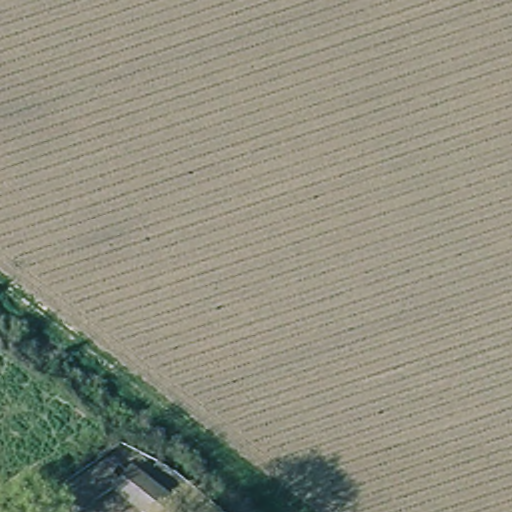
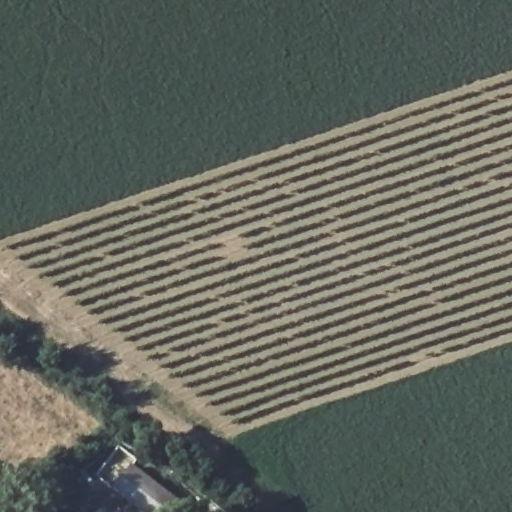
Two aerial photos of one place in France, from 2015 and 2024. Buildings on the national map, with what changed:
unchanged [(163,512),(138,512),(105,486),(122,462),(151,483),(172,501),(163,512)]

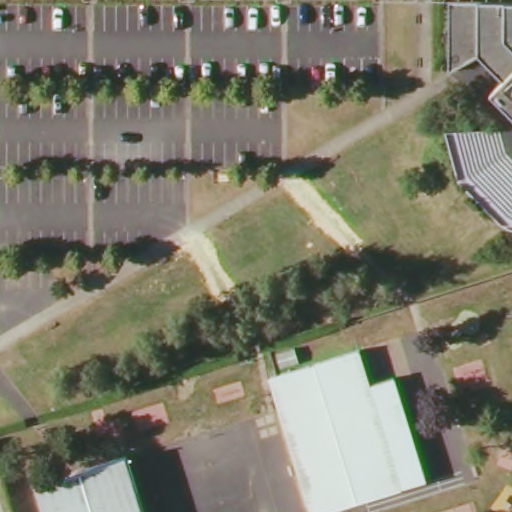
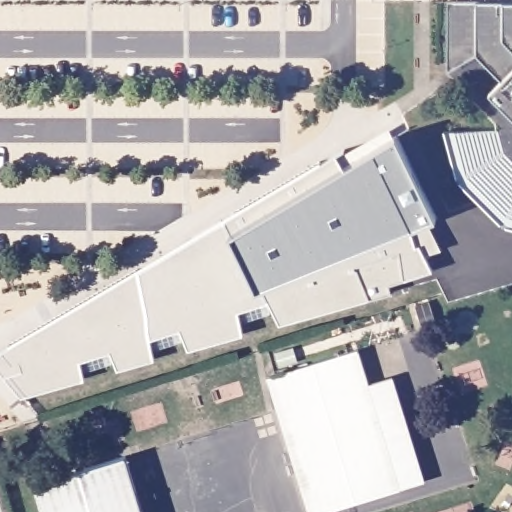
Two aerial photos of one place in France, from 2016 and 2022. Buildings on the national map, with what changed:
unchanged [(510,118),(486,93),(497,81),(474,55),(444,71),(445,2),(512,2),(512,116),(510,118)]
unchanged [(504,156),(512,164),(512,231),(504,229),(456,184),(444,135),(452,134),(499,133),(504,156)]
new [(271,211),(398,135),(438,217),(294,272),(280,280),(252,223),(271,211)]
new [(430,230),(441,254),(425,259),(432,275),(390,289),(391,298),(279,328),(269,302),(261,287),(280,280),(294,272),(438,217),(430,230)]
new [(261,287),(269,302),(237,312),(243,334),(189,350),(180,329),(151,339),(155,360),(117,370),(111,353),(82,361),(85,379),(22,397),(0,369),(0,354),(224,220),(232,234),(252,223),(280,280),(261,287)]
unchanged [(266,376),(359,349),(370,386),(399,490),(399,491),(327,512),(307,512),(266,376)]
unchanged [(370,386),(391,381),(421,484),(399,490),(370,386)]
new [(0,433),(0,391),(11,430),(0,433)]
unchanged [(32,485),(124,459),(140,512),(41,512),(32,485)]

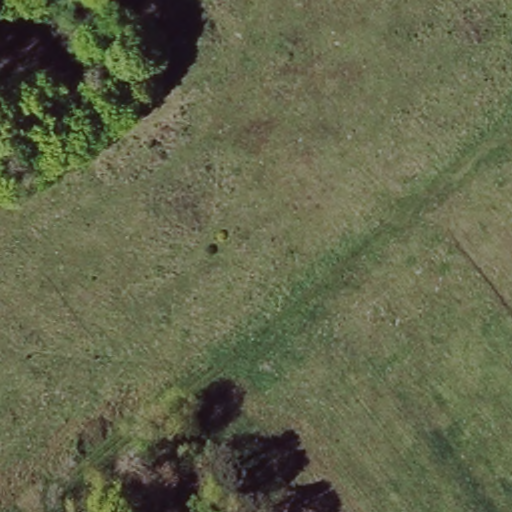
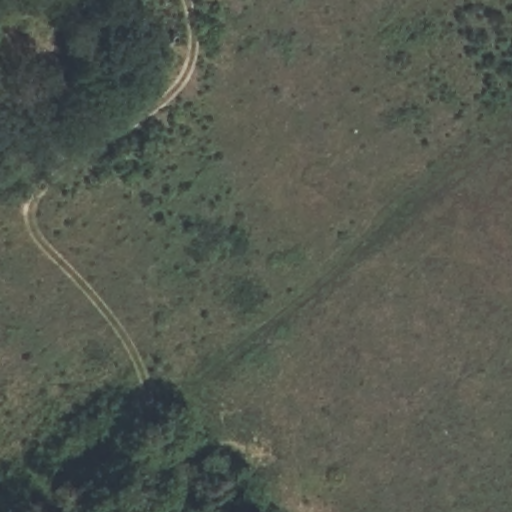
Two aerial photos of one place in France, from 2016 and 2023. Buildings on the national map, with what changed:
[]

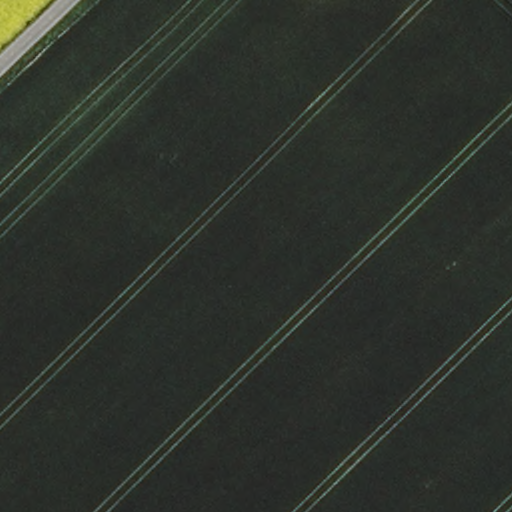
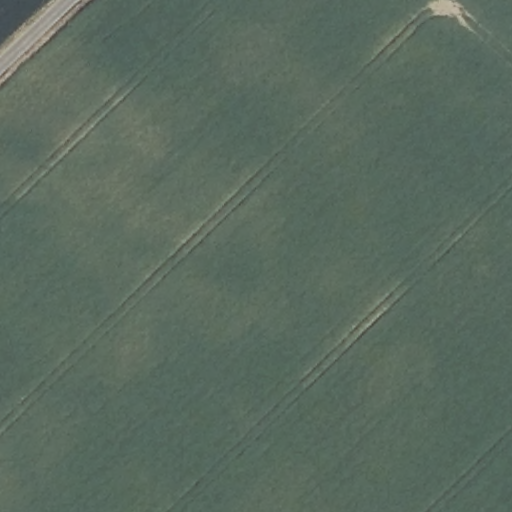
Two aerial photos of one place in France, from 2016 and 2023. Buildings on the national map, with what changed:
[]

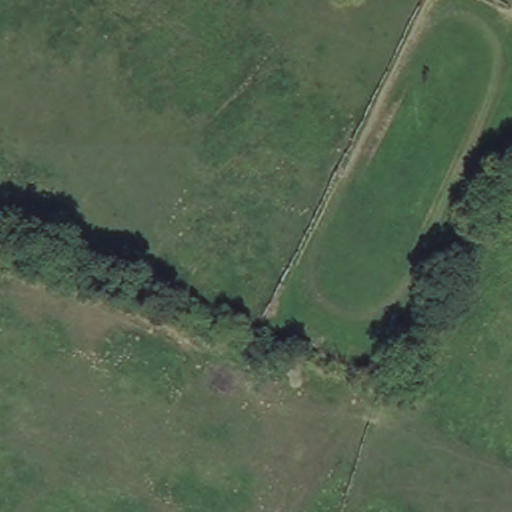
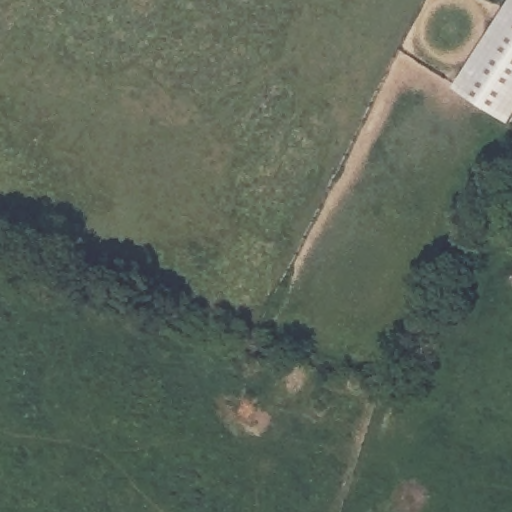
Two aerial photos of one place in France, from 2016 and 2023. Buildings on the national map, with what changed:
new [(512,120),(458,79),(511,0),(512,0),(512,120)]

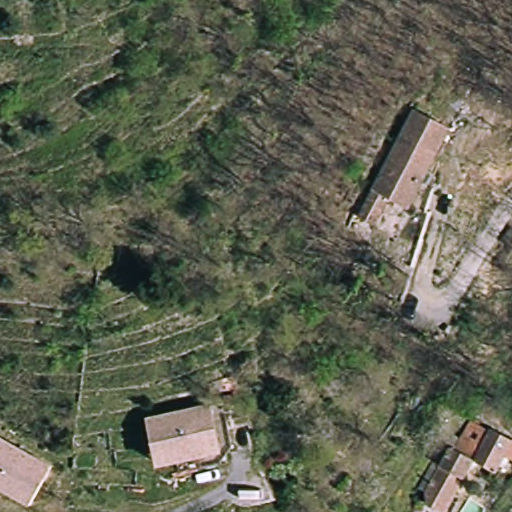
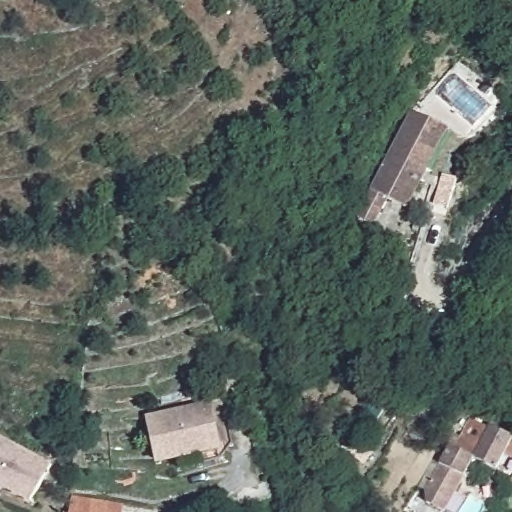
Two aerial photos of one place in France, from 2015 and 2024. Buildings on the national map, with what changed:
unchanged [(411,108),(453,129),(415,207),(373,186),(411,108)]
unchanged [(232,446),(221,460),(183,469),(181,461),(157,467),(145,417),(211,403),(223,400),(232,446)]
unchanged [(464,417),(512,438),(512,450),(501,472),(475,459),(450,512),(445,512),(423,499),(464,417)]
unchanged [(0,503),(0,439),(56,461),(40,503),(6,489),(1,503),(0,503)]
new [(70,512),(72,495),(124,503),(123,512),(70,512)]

====================

**Work instructions**
Apart from the pictures, write every entry out again exactly.

**Written solution**
Two aerial photos of one place in France, from 2015 and 2024. Buildings on the national map, with what changed:
unchanged [(163,512),(138,512),(105,486),(122,462),(151,483),(172,501),(163,512)]

Two aerial photos of one place in France, from 2016 and 2022. Buildings on the national map, with what changed:
unchanged [(510,118),(486,93),(497,81),(474,55),(444,71),(445,2),(512,2),(512,116),(510,118)]
unchanged [(504,156),(512,164),(512,231),(504,229),(456,184),(444,135),(452,134),(499,133),(504,156)]
new [(271,211),(398,135),(438,217),(294,272),(280,280),(252,223),(271,211)]
new [(430,230),(441,254),(425,259),(432,275),(390,289),(391,298),(279,328),(269,302),(261,287),(280,280),(294,272),(438,217),(430,230)]
new [(261,287),(269,302),(237,312),(243,334),(189,350),(180,329),(151,339),(155,360),(117,370),(111,353),(82,361),(85,379),(22,397),(0,369),(0,354),(224,220),(232,234),(252,223),(280,280),(261,287)]
unchanged [(266,376),(359,349),(370,386),(399,490),(399,491),(327,512),(307,512),(266,376)]
unchanged [(370,386),(391,381),(421,484),(399,490),(370,386)]
new [(0,433),(0,391),(11,430),(0,433)]
unchanged [(32,485),(124,459),(140,512),(41,512),(32,485)]

Two aerial photos of one place in France, from 2016 and 2023. Buildings on the national map, with what changed:
[]

Two aerial photos of one place in France, from 2016 and 2023. Buildings on the national map, with what changed:
[]

Two aerial photos of one place in France, from 2016 and 2023. Buildings on the national map, with what changed:
new [(512,120),(458,79),(511,0),(512,0),(512,120)]

Two aerial photos of one place in France, from 2015 and 2024. Buildings on the national map, with what changed:
unchanged [(411,108),(453,129),(415,207),(373,186),(411,108)]
unchanged [(232,446),(221,460),(183,469),(181,461),(157,467),(145,417),(211,403),(223,400),(232,446)]
unchanged [(464,417),(512,438),(512,450),(501,472),(475,459),(450,512),(445,512),(423,499),(464,417)]
unchanged [(0,503),(0,439),(56,461),(40,503),(6,489),(1,503),(0,503)]
new [(70,512),(72,495),(124,503),(123,512),(70,512)]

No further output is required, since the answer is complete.